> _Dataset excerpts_

+--

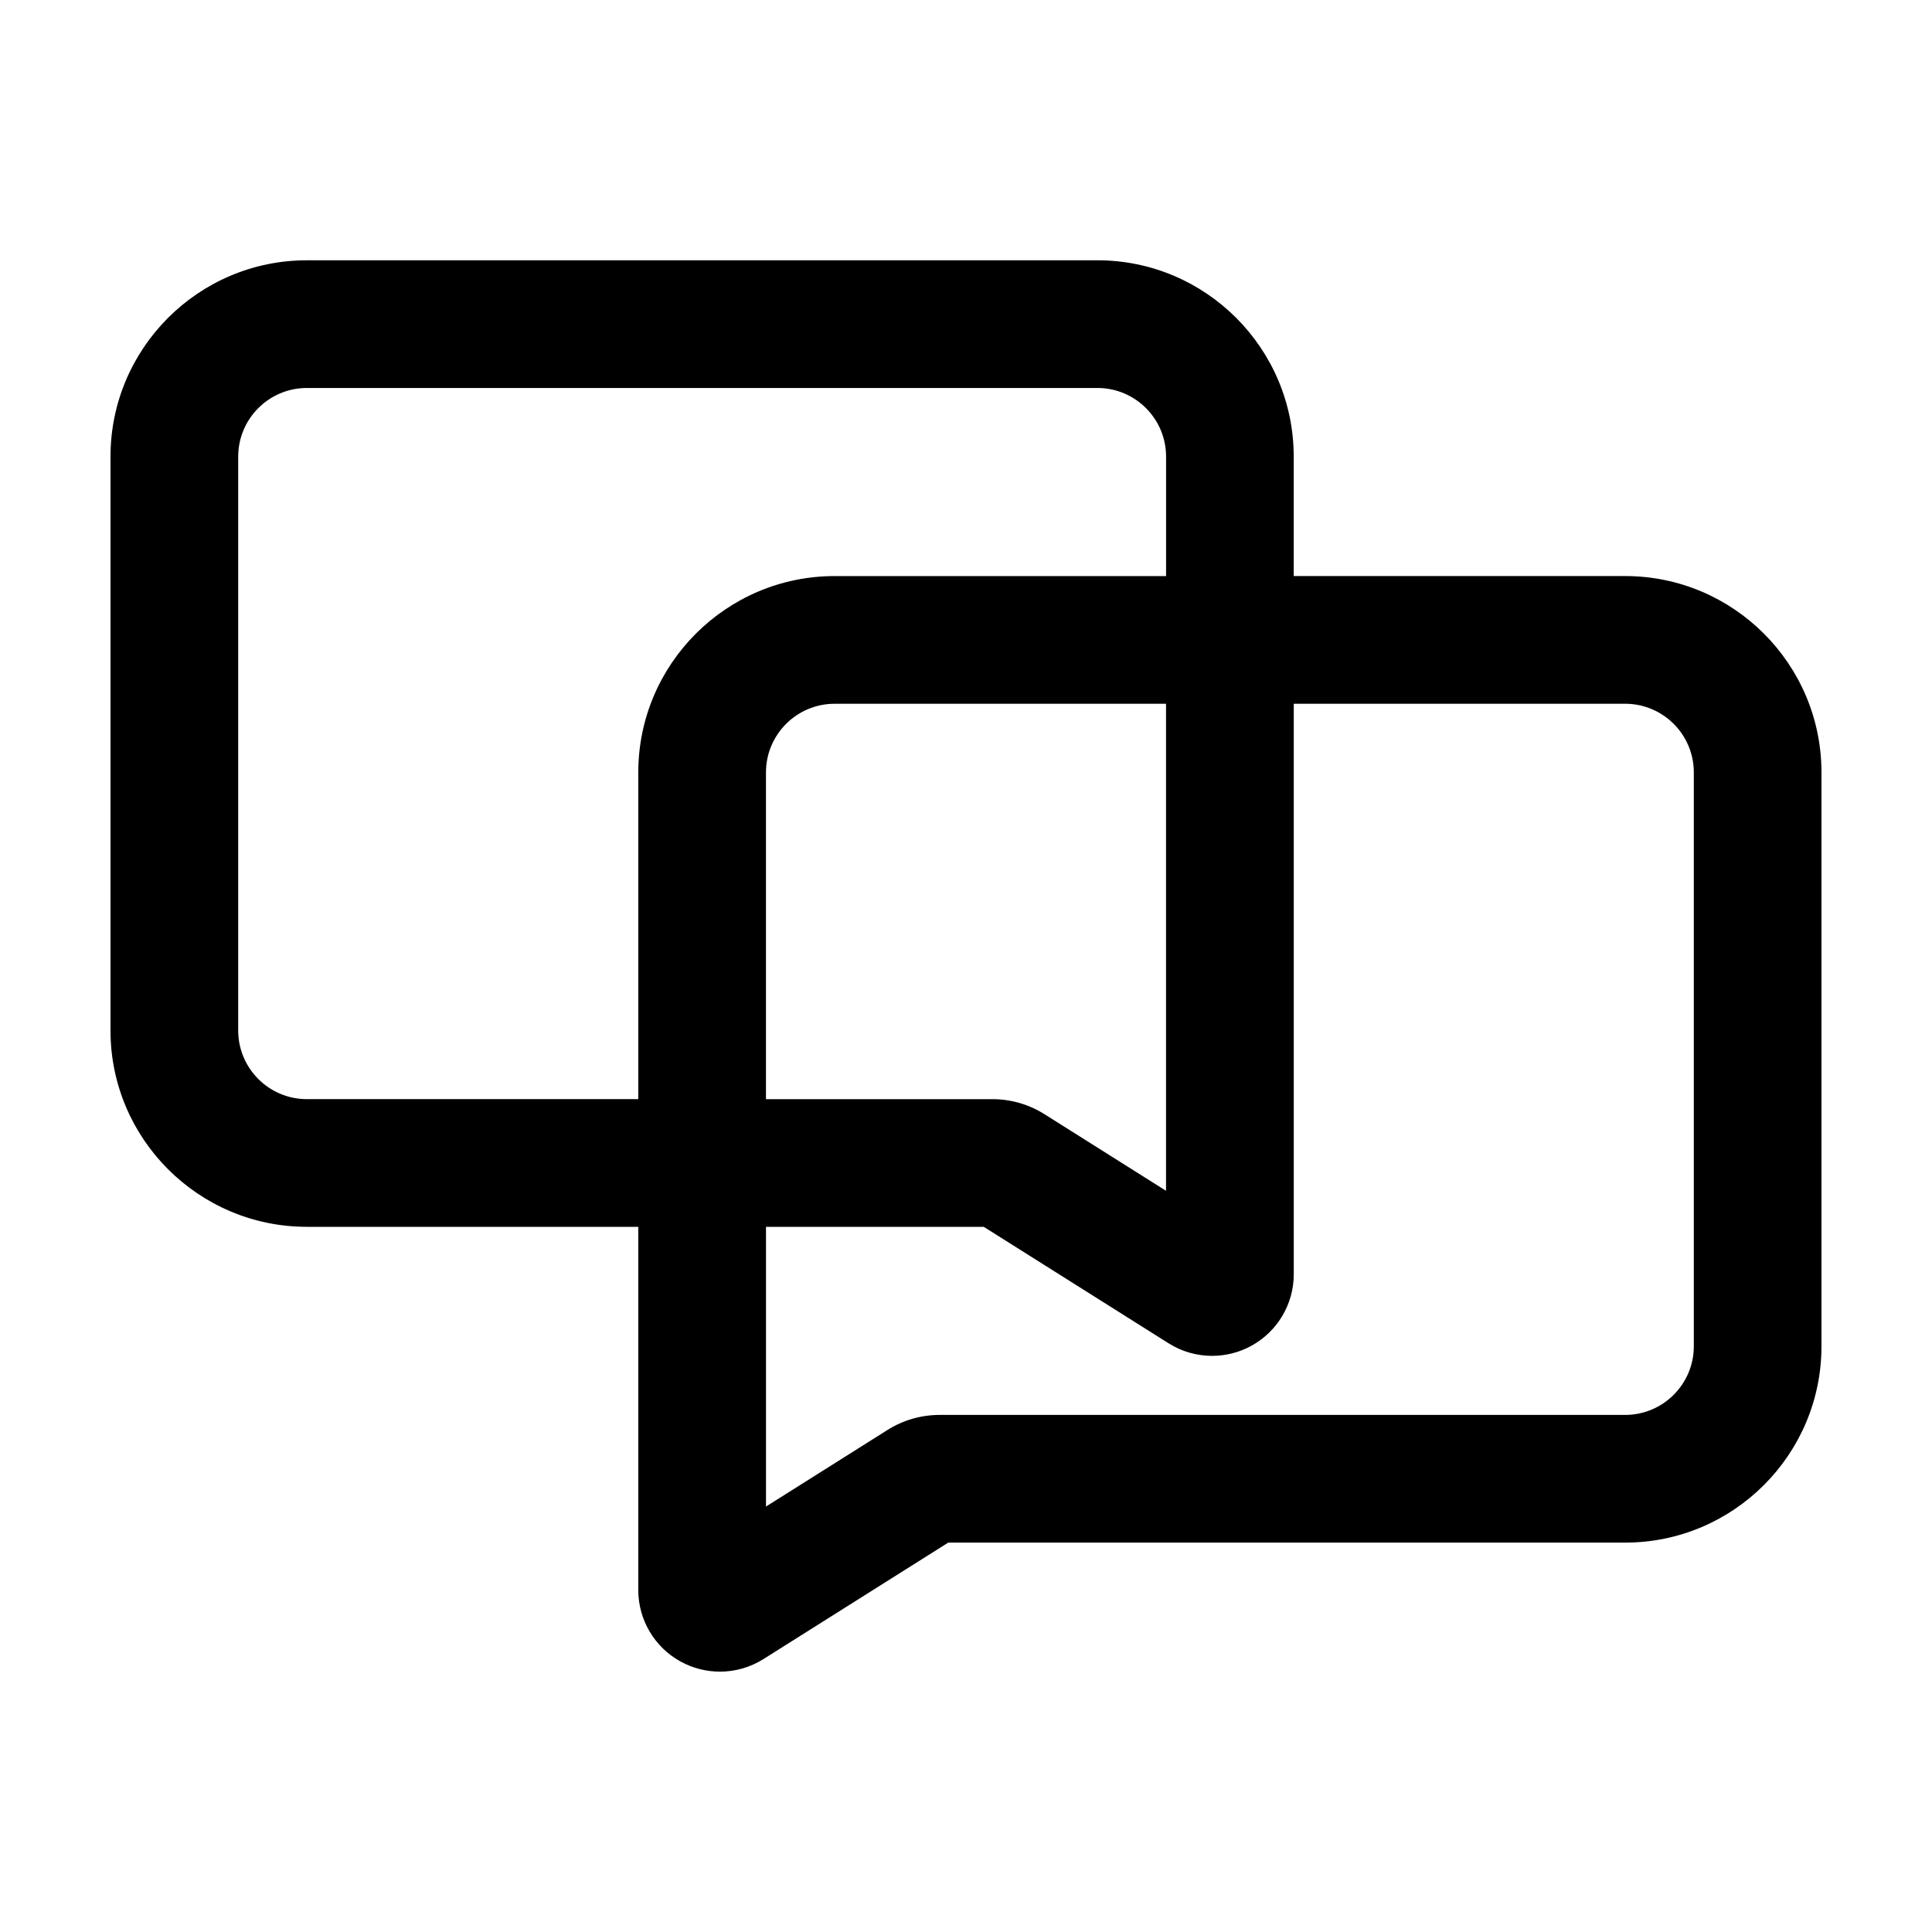 <?xml version="1.0" encoding="UTF-8"?>
<!-- Uploaded to: ICON Repo, www.iconrepo.com, Generator: ICON Repo Mixer Tools -->
<svg fill="#000000" width="800px" height="800px" version="1.1" viewBox="144 144 512 512" xmlns="http://www.w3.org/2000/svg">
 <path d="m434.82 212.98h-209.51c-28.691 0-52.027 23.336-52.027 52.023v152.09c0 28.688 23.336 52.027 52.027 52.027h87.84v96.246c0 7.879 4.281 15.141 11.184 18.941 3.258 1.797 6.856 2.695 10.453 2.695 4.016 0 8.02-1.113 11.539-3.332l48.969-30.863h179.39c28.688 0.004 52.023-23.332 52.023-52.02v-152.1c0-28.688-23.336-52.027-52.027-52.027h-87.832v-31.66c0-28.688-23.336-52.023-52.031-52.023zm-121.67 135.71v86.594h-87.836c-10.031 0-18.188-8.156-18.188-18.188v-152.09c0-10.031 8.156-18.188 18.188-18.188h209.52c10.031 0 18.188 8.156 18.188 18.188v31.66h-87.84c-28.688 0-52.027 23.34-52.027 52.027zm139.86-18.188v129.07l-32.188-20.285c-4.144-2.621-8.926-4-13.836-4h-59.996v-86.594c0-10.031 8.156-18.188 18.188-18.188zm121.68 0c10.031 0 18.188 8.156 18.188 18.188v152.09c0 10.031-8.156 18.188-18.188 18.188h-181.67c-4.898 0-9.68 1.375-13.824 3.988l-32.199 20.293v-74.125h57.711l48.977 30.863c3.516 2.215 7.523 3.332 11.539 3.332 3.594 0 7.195-0.898 10.453-2.695 6.902-3.809 11.184-11.062 11.184-18.941v-151.18z"/>
</svg>
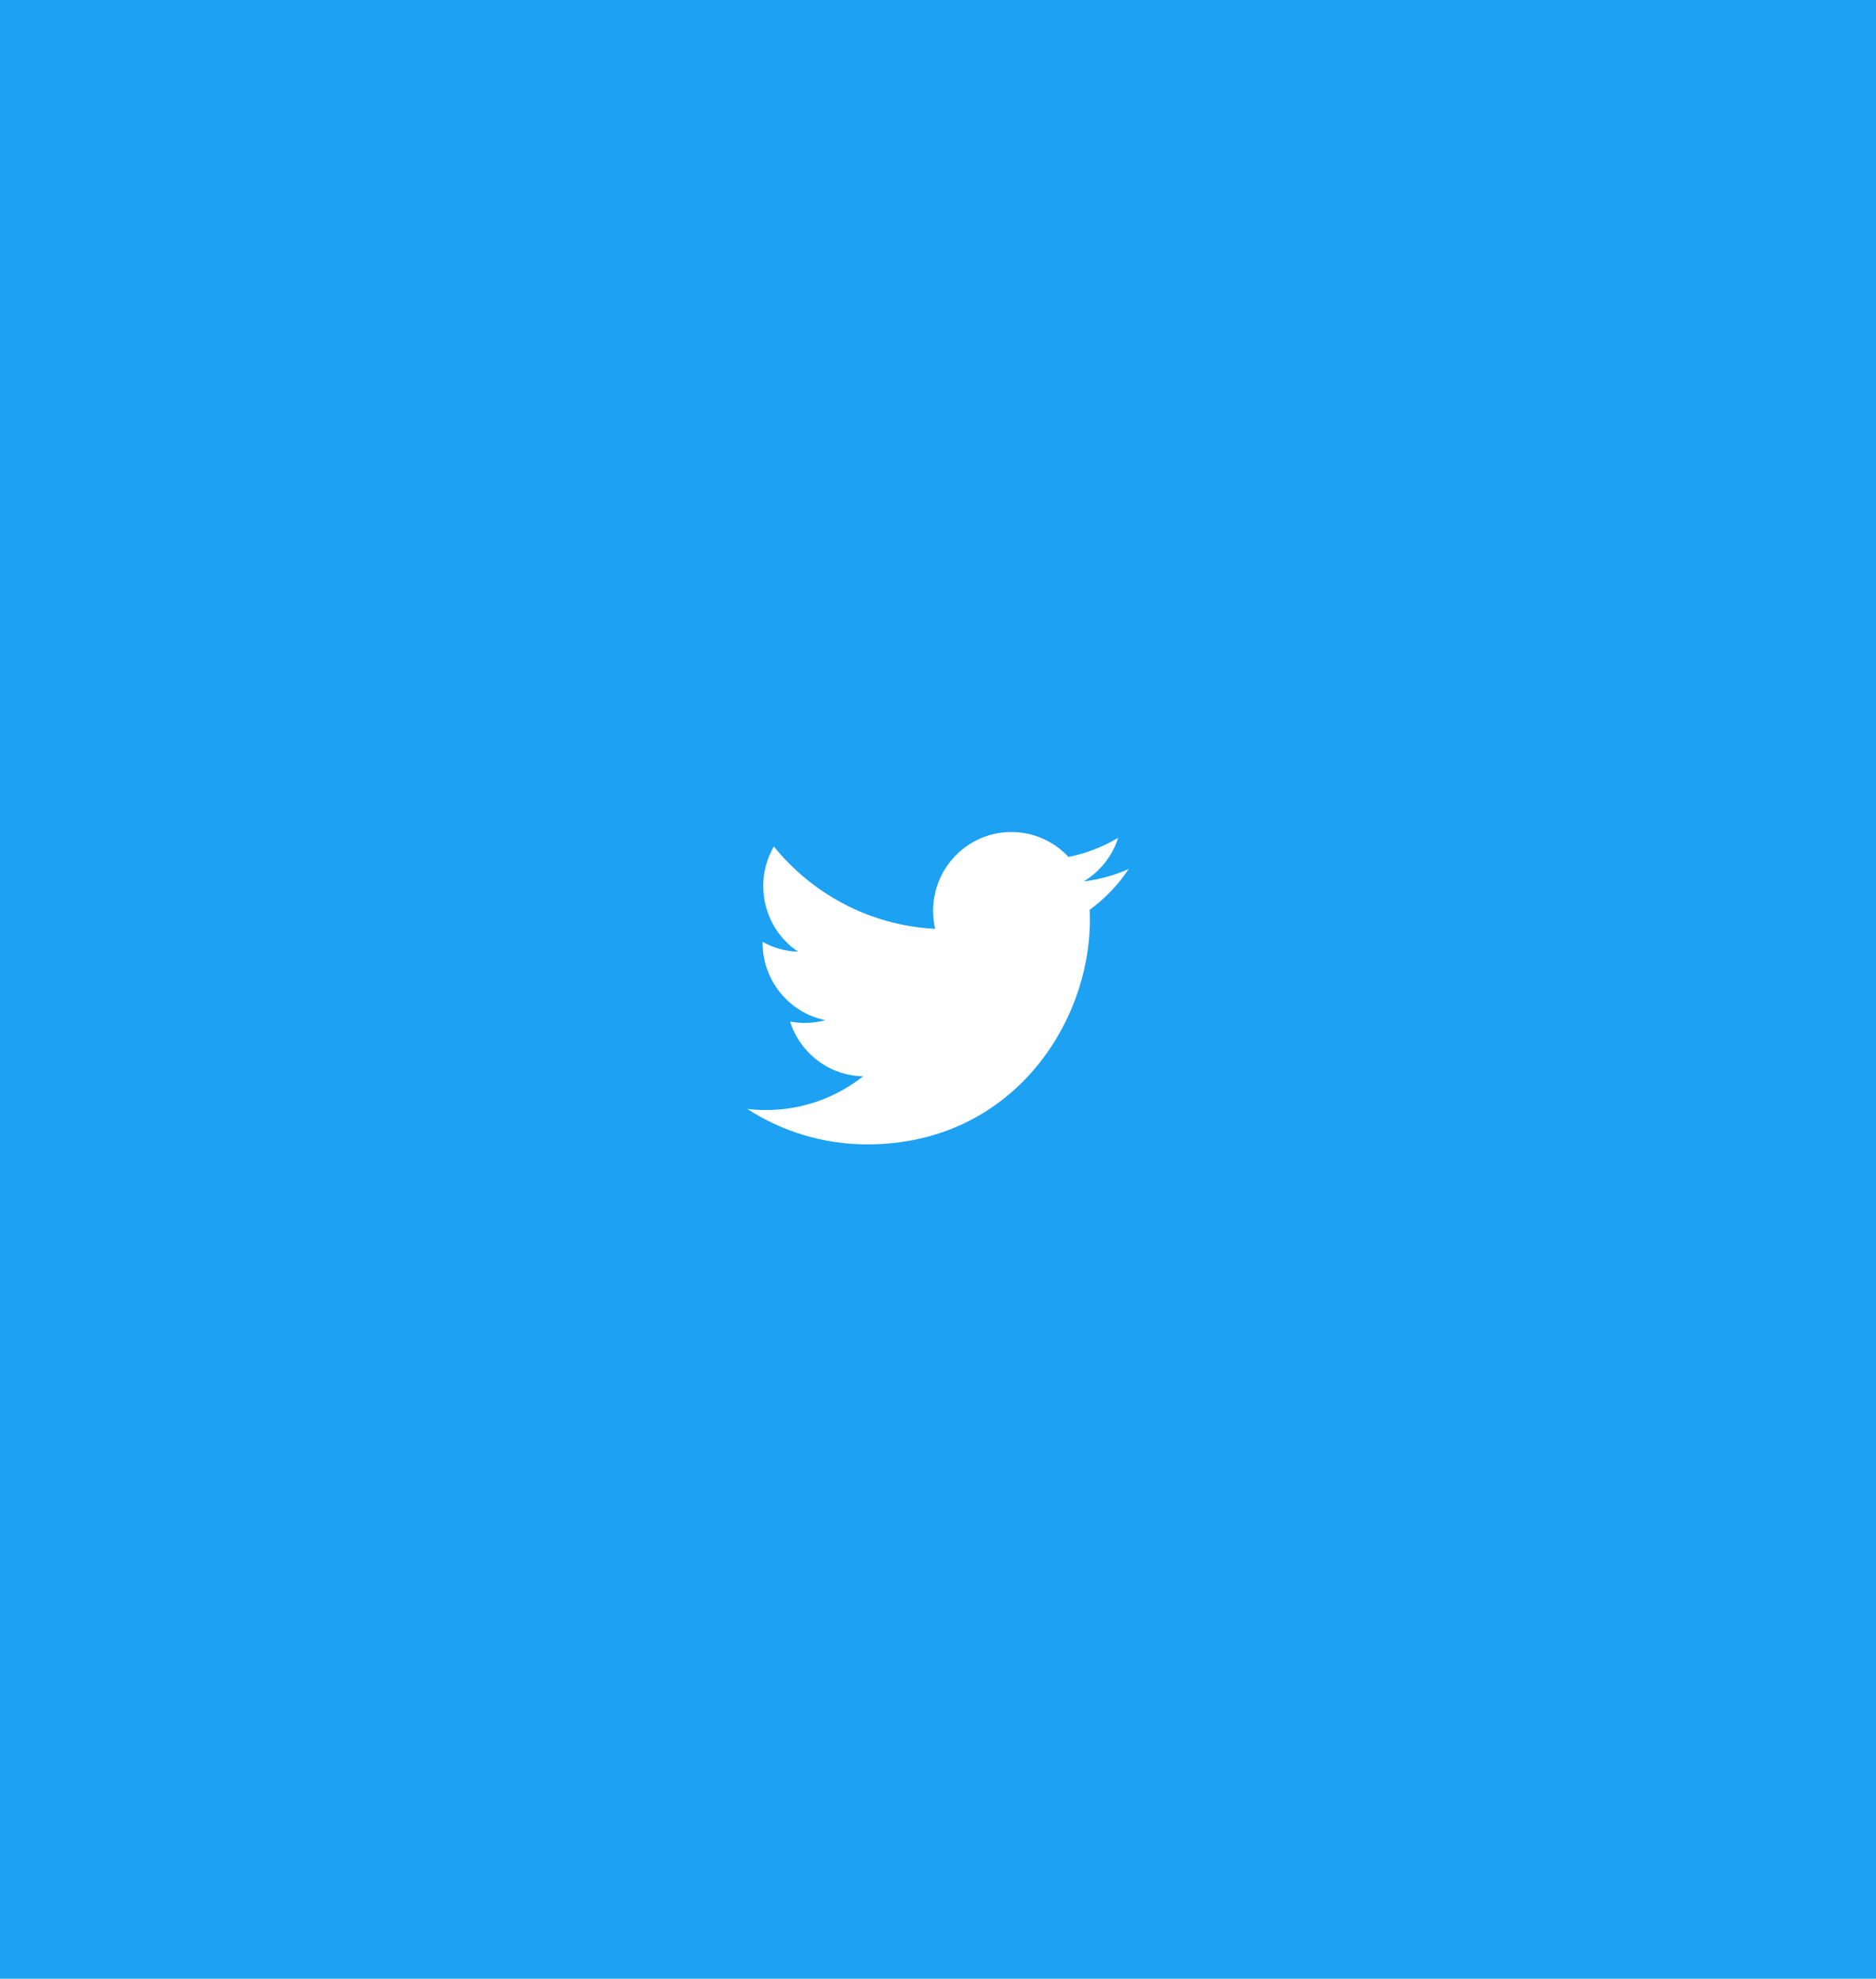 <svg width="421" height="444" viewBox="0 0 421 444" fill="none" xmlns="http://www.w3.org/2000/svg">
<path d="M0 0H421V444H0V0Z" fill="#1DA1F2"/>
<path d="M194.621 256.791C226.921 256.791 244.585 229.826 244.585 206.444C244.585 205.678 244.569 204.916 244.535 204.157C247.972 201.651 250.938 198.548 253.295 194.994C250.148 196.403 246.762 197.352 243.21 197.78C246.836 195.589 249.619 192.124 250.932 187.993C247.485 190.053 243.714 191.506 239.782 192.288C236.577 188.848 232.015 186.697 226.963 186.697C217.266 186.697 209.402 194.622 209.402 204.39C209.402 205.778 209.556 207.129 209.857 208.424C195.262 207.684 182.321 200.643 173.659 189.937C172.099 192.637 171.279 195.706 171.282 198.83C171.282 204.97 174.382 210.389 179.096 213.56C176.308 213.474 173.58 212.715 171.143 211.346C171.141 211.421 171.141 211.493 171.141 211.573C171.141 220.142 177.194 227.297 185.229 228.918C183.72 229.332 182.162 229.542 180.598 229.541C179.469 229.541 178.368 229.429 177.298 229.222C179.534 236.253 186.016 241.369 193.702 241.512C187.692 246.259 180.121 249.086 171.892 249.086C170.492 249.087 169.093 249.005 167.703 248.841C175.475 253.861 184.703 256.789 194.622 256.789" fill="white"/>
</svg>

+--

> _Exercise aim_
Only the records, copied exactly and free of pictures, belong in the answer.

> _Your solution_
 <?xml version="1.0" encoding="UTF-8"?>
<!-- Uploaded to: ICON Repo, www.iconrepo.com, Generator: ICON Repo Mixer Tools -->
<svg fill="#000000" width="800px" height="800px" version="1.1" viewBox="144 144 512 512" xmlns="http://www.w3.org/2000/svg">
 <path d="m434.82 212.98h-209.51c-28.691 0-52.027 23.336-52.027 52.023v152.09c0 28.688 23.336 52.027 52.027 52.027h87.84v96.246c0 7.879 4.281 15.141 11.184 18.941 3.258 1.797 6.856 2.695 10.453 2.695 4.016 0 8.02-1.113 11.539-3.332l48.969-30.863h179.39c28.688 0.004 52.023-23.332 52.023-52.02v-152.1c0-28.688-23.336-52.027-52.027-52.027h-87.832v-31.66c0-28.688-23.336-52.023-52.031-52.023zm-121.67 135.71v86.594h-87.836c-10.031 0-18.188-8.156-18.188-18.188v-152.09c0-10.031 8.156-18.188 18.188-18.188h209.52c10.031 0 18.188 8.156 18.188 18.188v31.66h-87.84c-28.688 0-52.027 23.34-52.027 52.027zm139.86-18.188v129.07l-32.188-20.285c-4.144-2.621-8.926-4-13.836-4h-59.996v-86.594c0-10.031 8.156-18.188 18.188-18.188zm121.68 0c10.031 0 18.188 8.156 18.188 18.188v152.09c0 10.031-8.156 18.188-18.188 18.188h-181.67c-4.898 0-9.68 1.375-13.824 3.988l-32.199 20.293v-74.125h57.711l48.977 30.863c3.516 2.215 7.523 3.332 11.539 3.332 3.594 0 7.195-0.898 10.453-2.695 6.902-3.809 11.184-11.062 11.184-18.941v-151.18z"/>
</svg>
 <svg width="421" height="444" viewBox="0 0 421 444" fill="none" xmlns="http://www.w3.org/2000/svg">
<path d="M0 0H421V444H0V0Z" fill="#1DA1F2"/>
<path d="M194.621 256.791C226.921 256.791 244.585 229.826 244.585 206.444C244.585 205.678 244.569 204.916 244.535 204.157C247.972 201.651 250.938 198.548 253.295 194.994C250.148 196.403 246.762 197.352 243.21 197.78C246.836 195.589 249.619 192.124 250.932 187.993C247.485 190.053 243.714 191.506 239.782 192.288C236.577 188.848 232.015 186.697 226.963 186.697C217.266 186.697 209.402 194.622 209.402 204.39C209.402 205.778 209.556 207.129 209.857 208.424C195.262 207.684 182.321 200.643 173.659 189.937C172.099 192.637 171.279 195.706 171.282 198.83C171.282 204.97 174.382 210.389 179.096 213.56C176.308 213.474 173.58 212.715 171.143 211.346C171.141 211.421 171.141 211.493 171.141 211.573C171.141 220.142 177.194 227.297 185.229 228.918C183.72 229.332 182.162 229.542 180.598 229.541C179.469 229.541 178.368 229.429 177.298 229.222C179.534 236.253 186.016 241.369 193.702 241.512C187.692 246.259 180.121 249.086 171.892 249.086C170.492 249.087 169.093 249.005 167.703 248.841C175.475 253.861 184.703 256.789 194.622 256.789" fill="white"/>
</svg>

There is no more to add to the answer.